[Saved entries]
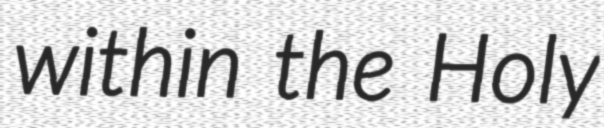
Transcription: within the Holy
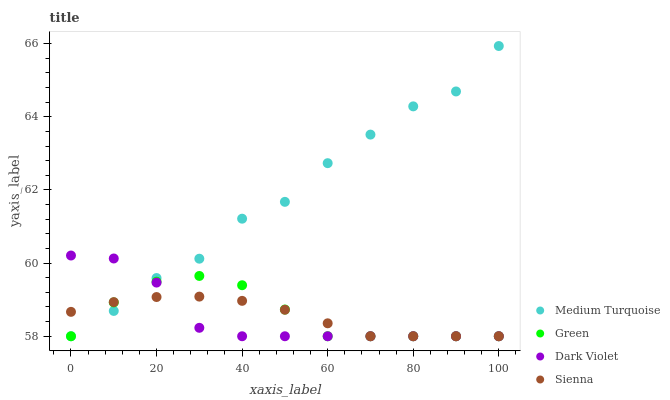
| xaxis_label | Medium Turquoise | Green | Dark Violet | Sienna |
 | --- | --- | --- | --- | --- |
 | 0 | 58 | 58 | 60.2 | 58.7 |
 | 10 | 58.7 | 58.9 | 60.1 | 58.9 |
 | 20 | 59.6 | 59.5 | 59.5 | 59.1 |
 | 30 | 60.1 | 59.6 | 58.2 | 59.1 |
 | 40 | 61.2 | 59.4 | 58 | 59 |
 | 50 | 61.7 | 58.7 | 58 | 58.7 |
 | 60 | 62.7 | 58 | 58 | 58.4 |
 | 70 | 63.5 | 58 | 58 | 58 |
 | 80 | 64.3 | 58 | 58 | 58 |
 | 90 | 64.7 | 58 | 58 | 58 |
 | 100 | 65.9 | 58 | 58 | 58 |
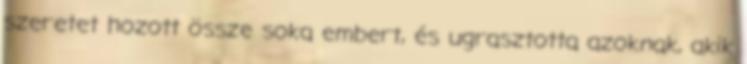
szeretet hozott össze soka embert, és ugrasztotta azoknak, akik
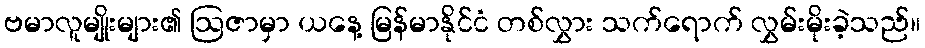
ဗမာလူမျိုးများ၏ ဩဇာမှာ ယနေ့ မြန်မာနိုင်ငံ တစ်လွှား သက်ရောက် လွှမ်းမိုးခဲ့သည်။

**Description of the task**
Please return only the lines running from the line with "58.2 | 59.1 |" to the final line of the data, both included, exactly and without any pictures.

**Exercise response**
 | 30 | 60.1 | 59.6 | 58.2 | 59.1 |
 | 40 | 61.2 | 59.4 | 58 | 59 |
 | 50 | 61.7 | 58.7 | 58 | 58.7 |
 | 60 | 62.7 | 58 | 58 | 58.4 |
 | 70 | 63.5 | 58 | 58 | 58 |
 | 80 | 64.3 | 58 | 58 | 58 |
 | 90 | 64.7 | 58 | 58 | 58 |
 | 100 | 65.9 | 58 | 58 | 58 |
szeretet hozott össze soka embert, és ugrasztotta azoknak, akik
ဗမာလူမျိုးများ၏ ဩဇာမှာ ယနေ့ မြန်မာနိုင်ငံ တစ်လွှား သက်ရောက် လွှမ်းမိုးခဲ့သည်။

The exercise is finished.